Mail Stop 4561
						November 18, 2005

Terry G. Bowering
President and Chief Executive Officer
Allstar Restaurants
10 Cedar Meadow Drive
Regina, Sask. S4X 3J6, CANADA

Re:	Allstar Restaurants
	Registration Statement on Form SB-2
	Filed on November 10, 2005
	File No. 333-129653

Dear Mr. Bowering:

	This is to advise you that a preliminary review of the above
registration statement indicates that it fails in numerous
material
respects to comply with the requirements of the Securities Act of
1933, the rules and regulations under that Act, and the
requirements
of the form.  For this reason, we will not perform a detailed
examination of the registration statement, and we will not issue
any
comments because to do so would delay the review of other
disclosure
documents that do not appear to contain comparable deficiencies.

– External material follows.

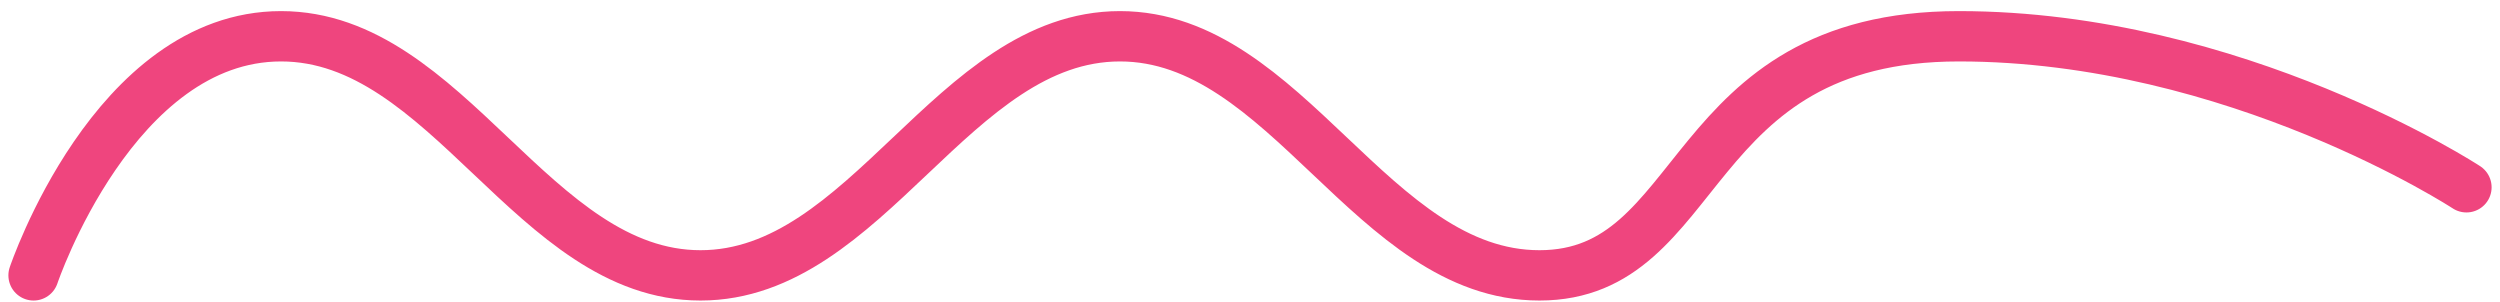 <svg width="149" height="18" viewBox="0 0 149 18" fill="none" xmlns="http://www.w3.org/2000/svg">
<path d="M2 16.412C2 16.412 6.794 2.162 16.75 2.162C26.706 2.162 31.794 16.412 41.75 16.412C51.706 16.412 56.794 2.162 66.75 2.162C76.707 2.162 81.793 16.412 91.75 16.412C101.706 16.412 100.25 2.162 116.75 2.162C133.25 2.162 147 11.162 147 11.162" stroke="#EF457E" stroke-width="3" stroke-linecap="round"/>
</svg>

	We suggest that you consider submitting a substantive
amendment
to include two years of audited financial statements and interim
unaudited financial statements through September 30, 2005 for
Allstar
Restaurants.  The financial statements should give retroactive
effect
to the July 1 merger with Fastserve Foods, Inc. and the merger
should
be accounted for as a recapitalization of Fastserve Foods.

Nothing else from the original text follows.